▶ WHAT THIS TASK INVOLVES
Please repeat the lines below, exactly and only, from the one that holds "క్రొత్తవి ఏర్పాటుచేసి, ఏలోటును" through the one that holds "తమ నాట పనిచేసి, మనతో".

▶ MATERIAL TO PROCESS
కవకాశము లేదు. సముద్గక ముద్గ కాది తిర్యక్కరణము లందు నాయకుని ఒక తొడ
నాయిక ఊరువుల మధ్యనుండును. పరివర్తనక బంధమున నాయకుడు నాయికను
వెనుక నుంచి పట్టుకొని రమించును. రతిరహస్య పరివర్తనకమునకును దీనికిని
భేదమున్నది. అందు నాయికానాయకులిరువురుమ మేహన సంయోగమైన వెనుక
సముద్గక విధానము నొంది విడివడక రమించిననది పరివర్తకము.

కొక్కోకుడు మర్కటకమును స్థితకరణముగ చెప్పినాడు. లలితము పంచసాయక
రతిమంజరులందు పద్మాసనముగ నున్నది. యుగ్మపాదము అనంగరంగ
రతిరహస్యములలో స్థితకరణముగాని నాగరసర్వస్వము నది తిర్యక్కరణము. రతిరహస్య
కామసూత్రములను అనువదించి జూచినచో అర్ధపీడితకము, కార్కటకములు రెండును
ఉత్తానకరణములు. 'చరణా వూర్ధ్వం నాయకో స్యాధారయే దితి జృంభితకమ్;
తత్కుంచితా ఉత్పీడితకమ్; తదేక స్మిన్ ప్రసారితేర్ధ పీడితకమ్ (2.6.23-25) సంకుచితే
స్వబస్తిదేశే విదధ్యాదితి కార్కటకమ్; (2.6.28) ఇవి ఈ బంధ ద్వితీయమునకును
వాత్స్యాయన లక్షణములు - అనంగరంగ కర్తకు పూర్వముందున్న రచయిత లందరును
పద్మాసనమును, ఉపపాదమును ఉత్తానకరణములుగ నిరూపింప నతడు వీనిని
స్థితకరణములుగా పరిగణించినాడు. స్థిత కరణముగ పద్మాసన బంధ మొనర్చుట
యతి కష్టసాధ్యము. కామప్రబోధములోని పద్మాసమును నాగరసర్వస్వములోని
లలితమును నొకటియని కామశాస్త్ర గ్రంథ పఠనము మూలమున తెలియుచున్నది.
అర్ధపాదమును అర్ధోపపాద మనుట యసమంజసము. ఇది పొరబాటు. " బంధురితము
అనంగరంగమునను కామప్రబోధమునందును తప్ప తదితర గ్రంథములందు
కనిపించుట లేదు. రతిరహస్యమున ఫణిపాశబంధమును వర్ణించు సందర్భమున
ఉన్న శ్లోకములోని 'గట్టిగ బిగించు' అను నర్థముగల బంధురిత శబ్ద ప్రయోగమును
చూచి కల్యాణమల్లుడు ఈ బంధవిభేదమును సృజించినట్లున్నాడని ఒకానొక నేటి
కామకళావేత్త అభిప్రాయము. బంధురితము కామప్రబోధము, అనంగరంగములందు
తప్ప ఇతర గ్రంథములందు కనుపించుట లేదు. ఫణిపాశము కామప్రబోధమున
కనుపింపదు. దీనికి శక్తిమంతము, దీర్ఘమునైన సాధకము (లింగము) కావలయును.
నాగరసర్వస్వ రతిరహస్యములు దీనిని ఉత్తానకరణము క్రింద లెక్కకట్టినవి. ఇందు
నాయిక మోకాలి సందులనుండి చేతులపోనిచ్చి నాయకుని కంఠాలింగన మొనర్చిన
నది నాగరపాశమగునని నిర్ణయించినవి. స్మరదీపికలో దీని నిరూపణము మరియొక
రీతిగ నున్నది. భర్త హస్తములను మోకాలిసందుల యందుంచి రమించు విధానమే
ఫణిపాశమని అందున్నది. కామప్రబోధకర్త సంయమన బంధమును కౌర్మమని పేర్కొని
* * *
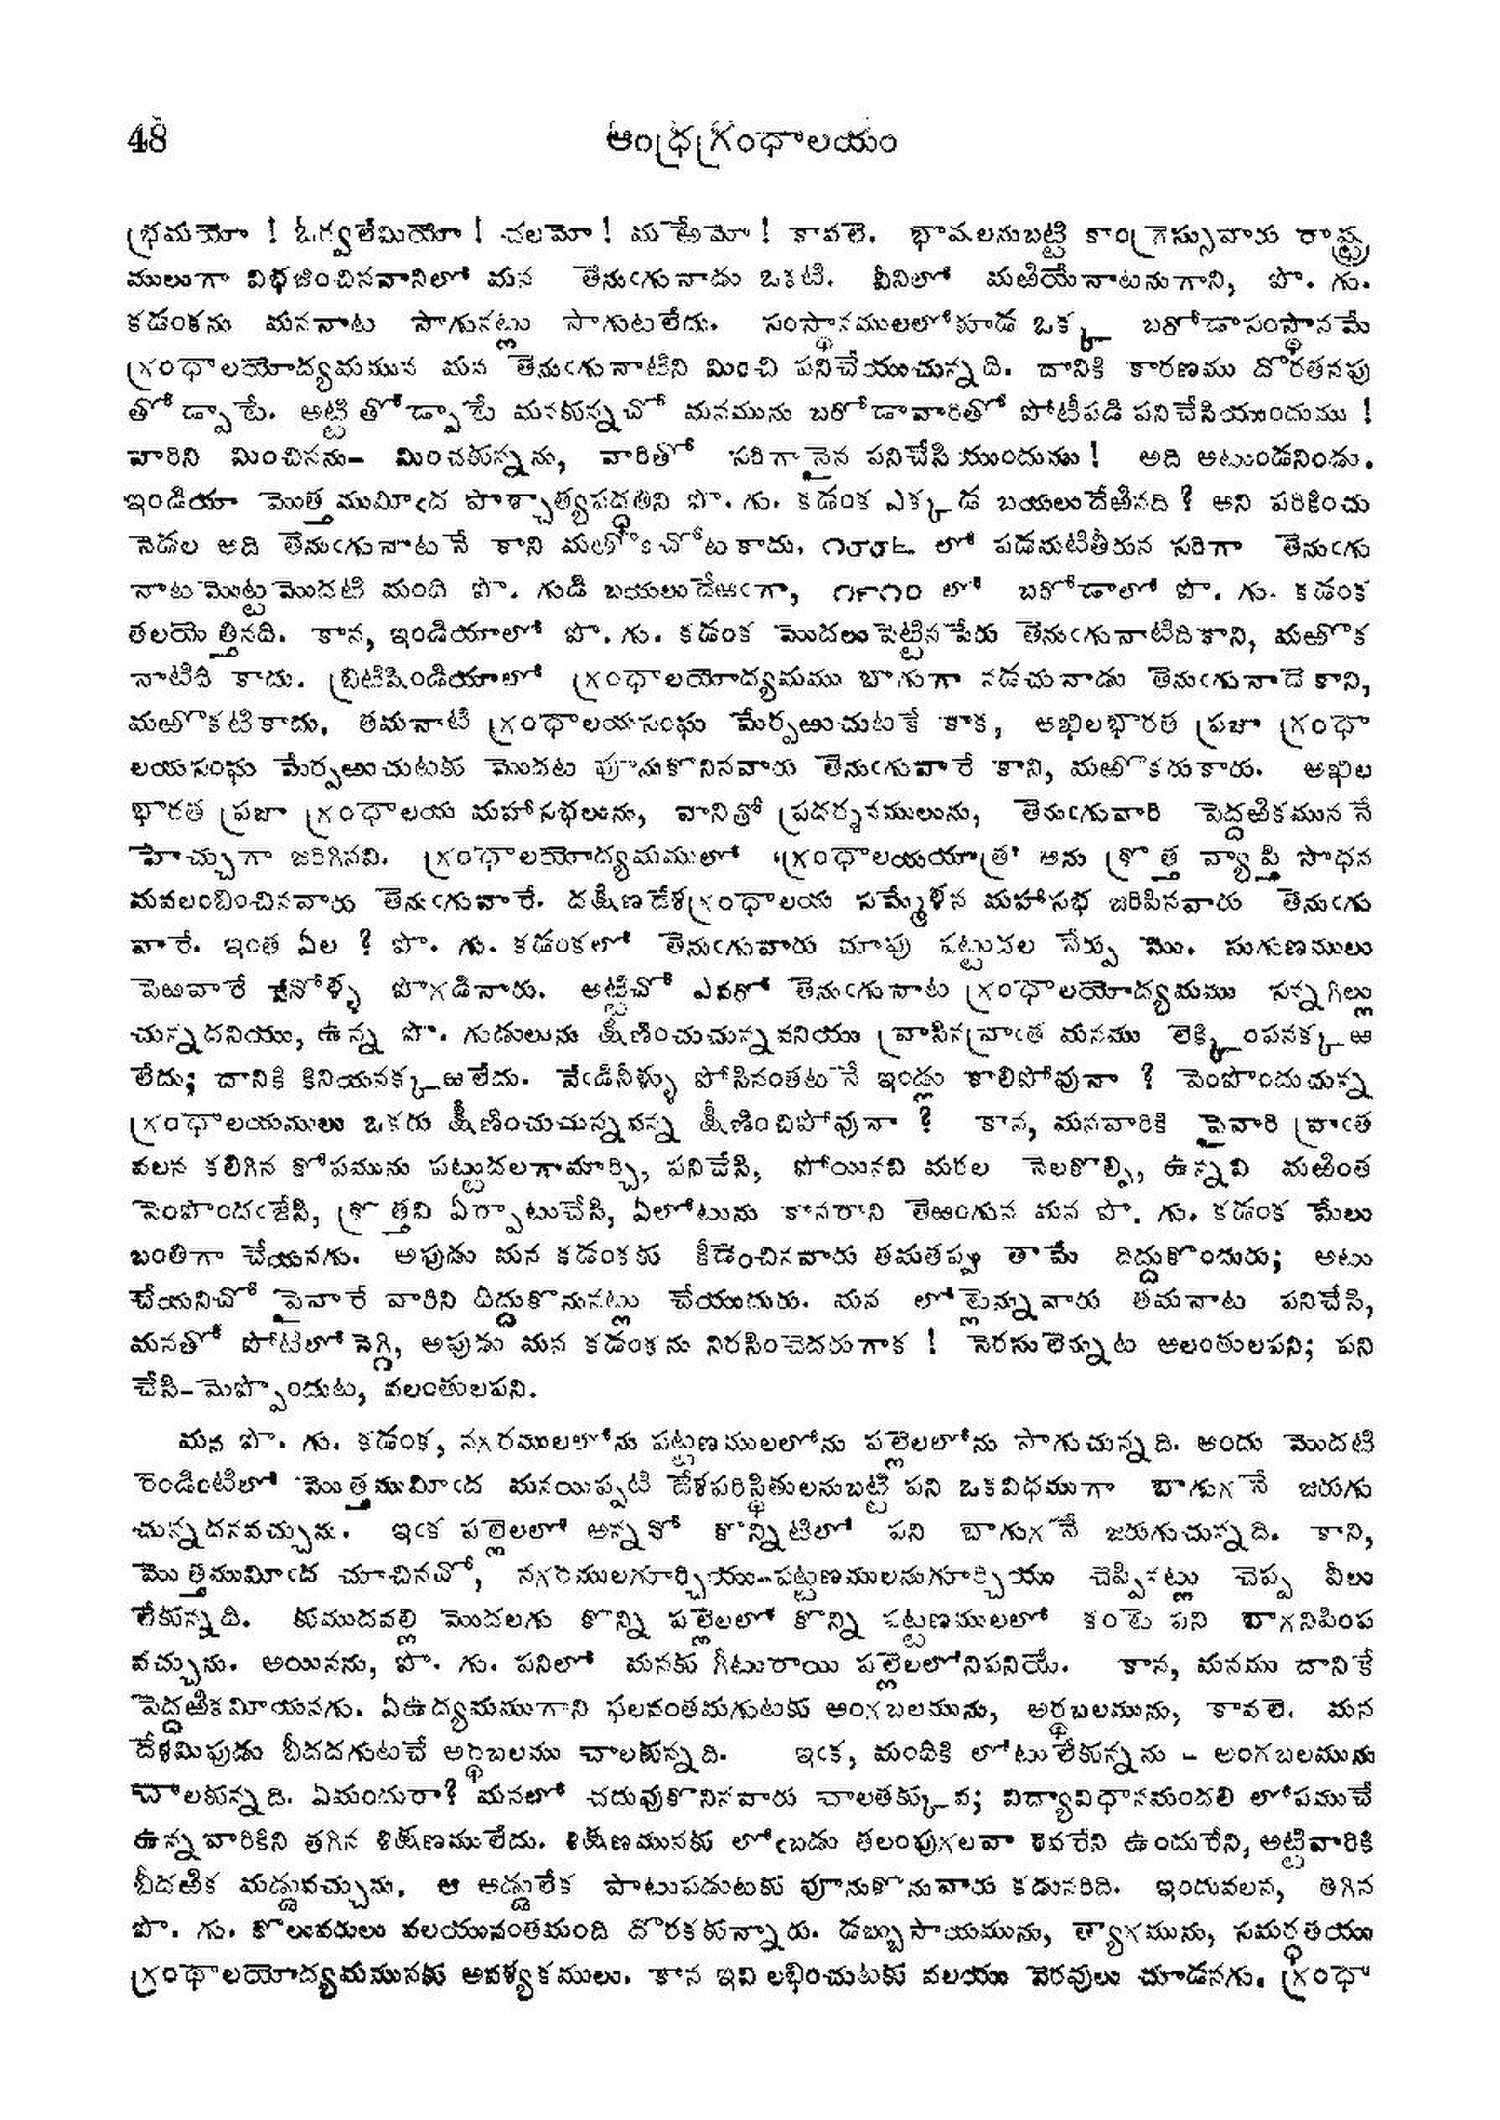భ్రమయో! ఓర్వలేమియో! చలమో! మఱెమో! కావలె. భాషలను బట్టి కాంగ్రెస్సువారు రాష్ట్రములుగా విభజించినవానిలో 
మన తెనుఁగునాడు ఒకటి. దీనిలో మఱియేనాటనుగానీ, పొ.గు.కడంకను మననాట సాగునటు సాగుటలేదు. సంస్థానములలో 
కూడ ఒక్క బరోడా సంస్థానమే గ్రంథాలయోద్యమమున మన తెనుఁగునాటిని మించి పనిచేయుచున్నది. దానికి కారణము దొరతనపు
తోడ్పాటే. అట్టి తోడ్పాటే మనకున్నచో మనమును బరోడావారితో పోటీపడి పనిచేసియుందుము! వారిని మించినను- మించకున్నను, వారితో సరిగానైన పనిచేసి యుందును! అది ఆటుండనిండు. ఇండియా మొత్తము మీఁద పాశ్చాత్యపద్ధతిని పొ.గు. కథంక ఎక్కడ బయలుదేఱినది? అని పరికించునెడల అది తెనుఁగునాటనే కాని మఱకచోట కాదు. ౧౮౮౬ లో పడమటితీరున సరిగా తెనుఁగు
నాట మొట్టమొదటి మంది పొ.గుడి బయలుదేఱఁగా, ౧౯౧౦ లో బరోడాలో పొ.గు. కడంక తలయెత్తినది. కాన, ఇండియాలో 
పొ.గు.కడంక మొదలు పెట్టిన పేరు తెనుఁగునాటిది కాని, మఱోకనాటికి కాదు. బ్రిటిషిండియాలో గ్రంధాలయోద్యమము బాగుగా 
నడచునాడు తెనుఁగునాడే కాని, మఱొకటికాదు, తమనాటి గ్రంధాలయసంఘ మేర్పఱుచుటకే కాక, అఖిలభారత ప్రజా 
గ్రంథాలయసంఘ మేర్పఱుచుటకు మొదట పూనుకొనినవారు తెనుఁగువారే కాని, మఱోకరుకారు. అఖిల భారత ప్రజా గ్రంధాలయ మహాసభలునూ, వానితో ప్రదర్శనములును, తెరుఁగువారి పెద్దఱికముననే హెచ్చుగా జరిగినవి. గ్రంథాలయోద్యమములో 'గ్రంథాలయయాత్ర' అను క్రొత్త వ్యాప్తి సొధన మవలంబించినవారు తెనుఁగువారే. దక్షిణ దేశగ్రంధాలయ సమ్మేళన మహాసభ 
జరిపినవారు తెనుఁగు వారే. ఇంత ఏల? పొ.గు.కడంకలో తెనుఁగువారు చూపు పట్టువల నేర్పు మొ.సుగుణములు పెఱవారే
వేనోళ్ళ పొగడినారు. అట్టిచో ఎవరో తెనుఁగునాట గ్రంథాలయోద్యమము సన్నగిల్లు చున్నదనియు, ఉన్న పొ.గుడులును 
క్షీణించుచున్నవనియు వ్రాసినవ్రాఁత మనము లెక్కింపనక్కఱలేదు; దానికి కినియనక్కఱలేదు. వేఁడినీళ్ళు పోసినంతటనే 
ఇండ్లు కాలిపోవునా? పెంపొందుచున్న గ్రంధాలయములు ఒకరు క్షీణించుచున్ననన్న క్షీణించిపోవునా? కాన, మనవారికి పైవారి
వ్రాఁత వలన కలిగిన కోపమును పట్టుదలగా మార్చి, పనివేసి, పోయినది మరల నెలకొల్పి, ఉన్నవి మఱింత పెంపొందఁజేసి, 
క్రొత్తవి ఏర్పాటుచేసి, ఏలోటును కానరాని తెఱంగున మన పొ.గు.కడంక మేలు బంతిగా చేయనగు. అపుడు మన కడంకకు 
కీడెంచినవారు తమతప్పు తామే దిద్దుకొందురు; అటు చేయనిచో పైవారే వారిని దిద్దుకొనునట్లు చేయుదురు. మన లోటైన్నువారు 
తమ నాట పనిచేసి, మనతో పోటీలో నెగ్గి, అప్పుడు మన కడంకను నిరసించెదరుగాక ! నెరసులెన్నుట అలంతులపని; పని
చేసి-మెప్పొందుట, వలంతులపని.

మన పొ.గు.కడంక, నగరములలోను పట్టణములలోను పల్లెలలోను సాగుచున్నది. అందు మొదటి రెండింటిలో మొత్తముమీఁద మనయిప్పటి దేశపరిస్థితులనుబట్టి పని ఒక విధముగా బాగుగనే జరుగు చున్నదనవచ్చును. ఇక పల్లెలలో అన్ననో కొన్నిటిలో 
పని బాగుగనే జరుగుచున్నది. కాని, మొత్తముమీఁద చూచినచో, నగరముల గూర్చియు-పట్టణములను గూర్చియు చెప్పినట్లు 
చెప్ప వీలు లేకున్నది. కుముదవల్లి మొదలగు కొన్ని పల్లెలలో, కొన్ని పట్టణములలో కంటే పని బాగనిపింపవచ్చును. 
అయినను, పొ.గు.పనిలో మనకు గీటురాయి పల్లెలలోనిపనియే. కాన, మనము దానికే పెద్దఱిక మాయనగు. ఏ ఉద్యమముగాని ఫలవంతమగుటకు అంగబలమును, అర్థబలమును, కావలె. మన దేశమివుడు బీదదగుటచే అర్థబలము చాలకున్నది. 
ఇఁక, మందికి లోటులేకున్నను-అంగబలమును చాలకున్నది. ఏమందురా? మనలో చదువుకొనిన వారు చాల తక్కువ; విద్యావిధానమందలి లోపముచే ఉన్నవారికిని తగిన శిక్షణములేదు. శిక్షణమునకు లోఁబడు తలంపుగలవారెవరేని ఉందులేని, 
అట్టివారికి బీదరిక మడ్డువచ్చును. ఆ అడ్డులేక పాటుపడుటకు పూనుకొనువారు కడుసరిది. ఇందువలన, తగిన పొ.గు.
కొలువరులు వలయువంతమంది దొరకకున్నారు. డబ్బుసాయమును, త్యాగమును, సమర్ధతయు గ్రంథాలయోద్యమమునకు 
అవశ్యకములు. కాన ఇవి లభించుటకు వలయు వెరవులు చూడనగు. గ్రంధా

▶ RESPONSE AREA
క్రొత్తవి ఏర్పాటుచేసి, ఏలోటును కానరాని తెఱంగున మన పొ.గు.కడంక మేలు బంతిగా చేయనగు. అపుడు మన కడంకకు 
కీడెంచినవారు తమతప్పు తామే దిద్దుకొందురు; అటు చేయనిచో పైవారే వారిని దిద్దుకొనునట్లు చేయుదురు. మన లోటైన్నువారు 
తమ నాట పనిచేసి, మనతో పోటీలో నెగ్గి, అప్పుడు మన కడంకను నిరసించెదరుగాక ! నెరసులెన్నుట అలంతులపని; పని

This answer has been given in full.